Final answer:
Benzene absorbs UV light typically near 180 nm to 200 nm due to its conjugated pi-electron system. This absorption is in the UV region, as opposed to the visible region which starts around 400 nm. The absorptions we see are a result of the molecule's π-π* transitions, with n-π* transitions contributing to weaker absorption bands.
Step-by-step explanation:
The question is asking where benzene gives an absorption band in UV spectra. Benzene, which does not have a visible chromophore like beta-carotene, absorbs UV light due to its conjugated pi-electron system. Typically, benzene shows a strong absorption near 180 nm to 200 nm due to π-π* transitions, and weaker absorptions that can extend up to around 250-260 nm because of n-π* transitions. In UV-vis spectroscopy, the electronic transitions of benzene are less energetic than those of isolated double bonds, which occur at shorter wavelengths. The conjugated system of benzene stabilizes the excited state, leading to absorption in the UV region rather than the visible region. Chromophores with extensive conjugation, like in beta-carotene, absorb in the visible range and thus affect the color we perceive. However, benzene's absorption does not extend into the visible spectrum, which typically starts around 400 nm.

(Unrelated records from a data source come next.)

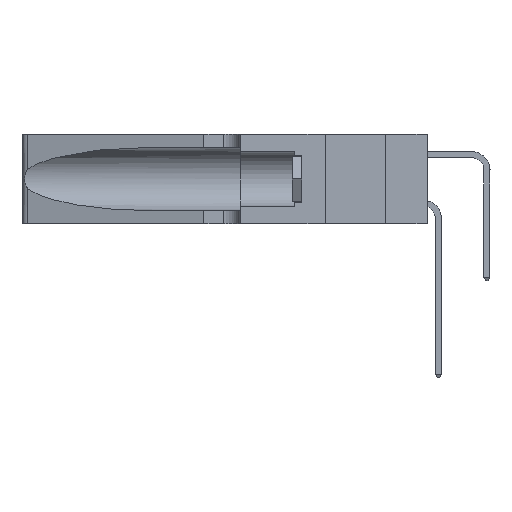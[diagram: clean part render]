
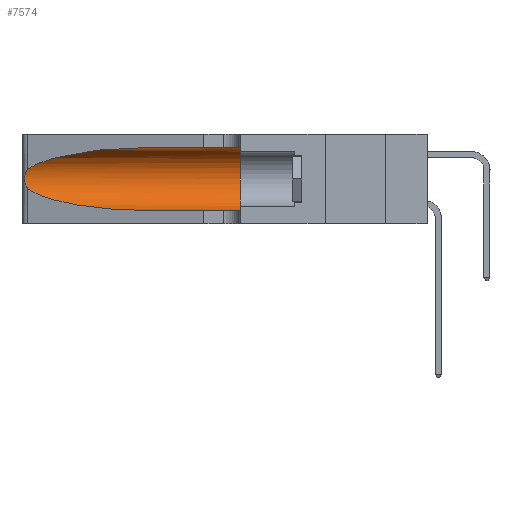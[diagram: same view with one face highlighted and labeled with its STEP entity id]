
A CAD part, left-side view. The second image highlights one B-rep face of the part: STEP entity #7574.
In plain terms, the highlighted cylindrical face has radius 3.308 mm (diameter 6.617 mm), a partial arc.
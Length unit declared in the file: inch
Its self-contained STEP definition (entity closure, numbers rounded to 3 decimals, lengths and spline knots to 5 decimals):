
#517 = CARTESIAN_POINT ( 'NONE',  ( 0.2373, 1.15595, 0.28018 ) ) ;
#919 = DIRECTION ( 'NONE',  ( 0., -1., 0. ) ) ;
#1936 = LINE ( 'NONE', #17291, #27799 ) ;
#2146 = CARTESIAN_POINT ( 'NONE',  ( 0.26017, 1.23833, 0.17102 ) ) ;
#2663 =( BOUNDED_CURVE ( )  B_SPLINE_CURVE ( 3, ( #17651, #29185, #517, #32767 ),
 .UNSPECIFIED., .F., .F. ) 
 B_SPLINE_CURVE_WITH_KNOTS ( ( 4, 4 ),
 ( 1.5708, 2.84003 ),
 .UNSPECIFIED. ) 
 CURVE ( )  GEOMETRIC_REPRESENTATION_ITEM ( )  RATIONAL_B_SPLINE_CURVE ( ( 1., 0.87, 0.87, 1. ) ) 
 REPRESENTATION_ITEM ( '' )  );
#3770 = EDGE_CURVE ( 'NONE', #13511, #4633, #7552, .T. ) ;
#4348 = VECTOR ( 'NONE', #919, 39.37008 ) ;
#4501 = CARTESIAN_POINT ( 'NONE',  ( 0.1305, 0.35, 0.31525 ) ) ;
#4629 = EDGE_CURVE ( 'NONE', #17463, #13511, #28445, .T. ) ;
#4633 = VERTEX_POINT ( 'NONE', #21174 ) ;
#5117 = CARTESIAN_POINT ( 'NONE',  ( 0.25487, 1.22718, 0.14631 ) ) ;
#6158 = CARTESIAN_POINT ( 'NONE',  ( 0.1305, 0.35, 0.185 ) ) ;
#6787 = DIRECTION ( 'NONE',  ( 0., 0., -1. ) ) ;
#7552 = LINE ( 'NONE', #30590, #4348 ) ;
#7574 = ADVANCED_FACE ( 'NONE', ( #13745 ), #8703, .F. ) ;
#8102 = AXIS2_PLACEMENT_3D ( 'NONE', #6158, #14900, #11824 ) ;
#8703 = CYLINDRICAL_SURFACE ( 'NONE', #8802, 0.13025 ) ;
#8802 = AXIS2_PLACEMENT_3D ( 'NONE', #21605, #24198, #6787 ) ;
#9541 = B_SPLINE_CURVE_WITH_KNOTS ( 'NONE', 3,
 ( #11306, #23283, #20315, #34912, #31556, #37515, #19804, #11040, #2146, #13869, #37887, #25894, #22762, #5117 ),
 .UNSPECIFIED., .F., .F.,
 ( 4, 2, 2, 2, 2, 2, 4 ),
 ( 0., 0.00027, 0.00053, 0.00107, 0.0016, 0.00187, 0.00214 ),
 .UNSPECIFIED. ) ;
#11040 = CARTESIAN_POINT ( 'NONE',  ( 0.26075, 1.23896, 0.178 ) ) ;
#11306 = CARTESIAN_POINT ( 'NONE',  ( 0.25487, 1.22718, 0.22369 ) ) ;
#11390 = EDGE_CURVE ( 'NONE', #11951, #16013, #1936, .T. ) ;
#11824 = DIRECTION ( 'NONE',  ( 0., 0., 1. ) ) ;
#11951 = VERTEX_POINT ( 'NONE', #14795 ) ;
#13511 = VERTEX_POINT ( 'NONE', #29347 ) ;
#13745 = FACE_OUTER_BOUND ( 'NONE', #26975, .T. ) ;
#13869 = CARTESIAN_POINT ( 'NONE',  ( 0.25856, 1.23593, 0.16098 ) ) ;
#14795 = CARTESIAN_POINT ( 'NONE',  ( 0.1305, 0.72297, 0.31525 ) ) ;
#14900 = DIRECTION ( 'NONE',  ( 0., 1., 0. ) ) ;
#16013 = VERTEX_POINT ( 'NONE', #4501 ) ;
#17291 = CARTESIAN_POINT ( 'NONE',  ( 0.1305, 1.61858, 0.31525 ) ) ;
#17463 = VERTEX_POINT ( 'NONE', #28254 ) ;
#17651 = CARTESIAN_POINT ( 'NONE',  ( 0.1305, 0.72297, 0.31525 ) ) ;
#17678 = CARTESIAN_POINT ( 'NONE',  ( 0.25487, 1.22718, 0.14631 ) ) ;
#18548 = VERTEX_POINT ( 'NONE', #34110 ) ;
#19231 = ORIENTED_EDGE ( 'NONE', *, *, #3770, .T. ) ;
#19770 = DIRECTION ( 'NONE',  ( 0., -1., 0. ) ) ;
#19804 = CARTESIAN_POINT ( 'NONE',  ( 0.26075, 1.23896, 0.19203 ) ) ;
#20012 = EDGE_CURVE ( 'NONE', #11951, #18548, #2663, .T. ) ;
#20315 = CARTESIAN_POINT ( 'NONE',  ( 0.25639, 1.23184, 0.21858 ) ) ;
#20371 = ORIENTED_EDGE ( 'NONE', *, *, #20012, .T. ) ;
#20488 = ORIENTED_EDGE ( 'NONE', *, *, #4629, .T. ) ;
#21174 = CARTESIAN_POINT ( 'NONE',  ( 0.1305, 0.35, 0.05475 ) ) ;
#21605 = CARTESIAN_POINT ( 'NONE',  ( 0.1305, 1.61858, 0.185 ) ) ;
#22762 = CARTESIAN_POINT ( 'NONE',  ( 0.25555, 1.22993, 0.14849 ) ) ;
#23283 = CARTESIAN_POINT ( 'NONE',  ( 0.25555, 1.22994, 0.2215 ) ) ;
#23418 = ORIENTED_EDGE ( 'NONE', *, *, #11390, .F. ) ;
#24198 = DIRECTION ( 'NONE',  ( 0., -1., 0. ) ) ;
#25894 = CARTESIAN_POINT ( 'NONE',  ( 0.25639, 1.23186, 0.15144 ) ) ;
#26500 = CARTESIAN_POINT ( 'NONE',  ( 0.1305, 0.72297, 0.05475 ) ) ;
#26666 = CIRCLE ( 'NONE', #8102, 0.13025 ) ;
#26975 = EDGE_LOOP ( 'NONE', ( #20371, #27369, #20488, #19231, #27258, #23418 ) ) ;
#27258 = ORIENTED_EDGE ( 'NONE', *, *, #33542, .F. ) ;
#27369 = ORIENTED_EDGE ( 'NONE', *, *, #30998, .T. ) ;
#27799 = VECTOR ( 'NONE', #19770, 39.37008 ) ;
#28254 = CARTESIAN_POINT ( 'NONE',  ( 0.25487, 1.22718, 0.14631 ) ) ;
#28445 =( BOUNDED_CURVE ( )  B_SPLINE_CURVE ( 3, ( #17678, #35263, #35134, #26500 ),
 .UNSPECIFIED., .F., .F. ) 
 B_SPLINE_CURVE_WITH_KNOTS ( ( 4, 4 ),
 ( 3.44316, 4.71239 ),
 .UNSPECIFIED. ) 
 CURVE ( )  GEOMETRIC_REPRESENTATION_ITEM ( )  RATIONAL_B_SPLINE_CURVE ( ( 1., 0.87, 0.87, 1. ) ) 
 REPRESENTATION_ITEM ( '' )  );
#29185 = CARTESIAN_POINT ( 'NONE',  ( 0.18966, 0.96281, 0.31525 ) ) ;
#29347 = CARTESIAN_POINT ( 'NONE',  ( 0.1305, 0.72297, 0.05475 ) ) ;
#30590 = CARTESIAN_POINT ( 'NONE',  ( 0.1305, 1.61858, 0.05475 ) ) ;
#30998 = EDGE_CURVE ( 'NONE', #18548, #17463, #9541, .T. ) ;
#31556 = CARTESIAN_POINT ( 'NONE',  ( 0.25854, 1.2359, 0.20912 ) ) ;
#32767 = CARTESIAN_POINT ( 'NONE',  ( 0.25487, 1.22718, 0.22369 ) ) ;
#33542 = EDGE_CURVE ( 'NONE', #16013, #4633, #26666, .T. ) ;
#34110 = CARTESIAN_POINT ( 'NONE',  ( 0.25487, 1.22718, 0.22369 ) ) ;
#34912 = CARTESIAN_POINT ( 'NONE',  ( 0.25787, 1.23484, 0.2124 ) ) ;
#35134 = CARTESIAN_POINT ( 'NONE',  ( 0.18966, 0.96281, 0.05475 ) ) ;
#35263 = CARTESIAN_POINT ( 'NONE',  ( 0.2373, 1.15595, 0.08982 ) ) ;
#37515 = CARTESIAN_POINT ( 'NONE',  ( 0.26018, 1.23835, 0.19895 ) ) ;
#37887 = CARTESIAN_POINT ( 'NONE',  ( 0.25789, 1.23486, 0.15765 ) ) ;

Understanding the UV absorption of molecules like benzene is important in organic and biological chemistry, particularly when using spectrophotometric analysis to determine the concentration of substances through the application of the Beer-Lambert Law. The law states that absorbance is directly proportional to concentration within a certain range, which allows for quantitative analysis of compounds with chromophoric groups.